= About this task =
Restate exactly, and only, the lines from the one containing "LaTeX: 4 \overline" through the end of the entries, keeping both endpoints.

+++ Data in this exercise

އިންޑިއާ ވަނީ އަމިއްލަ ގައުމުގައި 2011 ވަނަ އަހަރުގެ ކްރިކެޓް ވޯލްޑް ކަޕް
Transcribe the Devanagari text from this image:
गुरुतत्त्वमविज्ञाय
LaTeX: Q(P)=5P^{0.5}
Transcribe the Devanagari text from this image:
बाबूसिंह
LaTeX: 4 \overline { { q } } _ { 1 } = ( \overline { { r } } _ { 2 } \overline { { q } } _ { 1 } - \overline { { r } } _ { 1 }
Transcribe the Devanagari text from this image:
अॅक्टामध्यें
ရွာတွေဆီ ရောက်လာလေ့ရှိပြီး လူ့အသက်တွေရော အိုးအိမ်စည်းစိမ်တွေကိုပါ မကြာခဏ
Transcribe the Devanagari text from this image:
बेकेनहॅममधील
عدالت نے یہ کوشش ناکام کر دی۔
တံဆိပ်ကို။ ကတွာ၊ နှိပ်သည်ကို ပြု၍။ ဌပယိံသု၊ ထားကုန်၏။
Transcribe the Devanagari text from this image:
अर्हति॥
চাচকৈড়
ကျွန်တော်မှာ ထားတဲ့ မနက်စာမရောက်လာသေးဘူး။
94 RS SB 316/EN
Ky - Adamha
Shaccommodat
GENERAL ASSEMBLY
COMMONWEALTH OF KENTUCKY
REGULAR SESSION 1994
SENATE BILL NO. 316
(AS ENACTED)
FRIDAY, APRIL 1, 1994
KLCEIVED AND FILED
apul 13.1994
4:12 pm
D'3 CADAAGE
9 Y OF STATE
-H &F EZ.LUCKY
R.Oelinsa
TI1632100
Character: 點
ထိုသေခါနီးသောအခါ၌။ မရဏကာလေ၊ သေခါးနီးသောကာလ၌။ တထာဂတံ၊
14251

++++++

= Output for this exercise =
LaTeX: 4 \overline { { q } } _ { 1 } = ( \overline { { r } } _ { 2 } \overline { { q } } _ { 1 } - \overline { { r } } _ { 1 }
Transcribe the Devanagari text from this image:
अॅक्टामध्यें
ရွာတွေဆီ ရောက်လာလေ့ရှိပြီး လူ့အသက်တွေရော အိုးအိမ်စည်းစိမ်တွေကိုပါ မကြာခဏ
Transcribe the Devanagari text from this image:
बेकेनहॅममधील
عدالت نے یہ کوشش ناکام کر دی۔
တံဆိပ်ကို။ ကတွာ၊ နှိပ်သည်ကို ပြု၍။ ဌပယိံသု၊ ထားကုန်၏။
Transcribe the Devanagari text from this image:
अर्हति॥
চাচকৈড়
ကျွန်တော်မှာ ထားတဲ့ မနက်စာမရောက်လာသေးဘူး။
94 RS SB 316/EN
Ky - Adamha
Shaccommodat
GENERAL ASSEMBLY
COMMONWEALTH OF KENTUCKY
REGULAR SESSION 1994
SENATE BILL NO. 316
(AS ENACTED)
FRIDAY, APRIL 1, 1994
KLCEIVED AND FILED
apul 13.1994
4:12 pm
D'3 CADAAGE
9 Y OF STATE
-H &F EZ.LUCKY
R.Oelinsa
TI1632100
Character: 點
ထိုသေခါနီးသောအခါ၌။ မရဏကာလေ၊ သေခါးနီးသောကာလ၌။ တထာဂတံ၊
14251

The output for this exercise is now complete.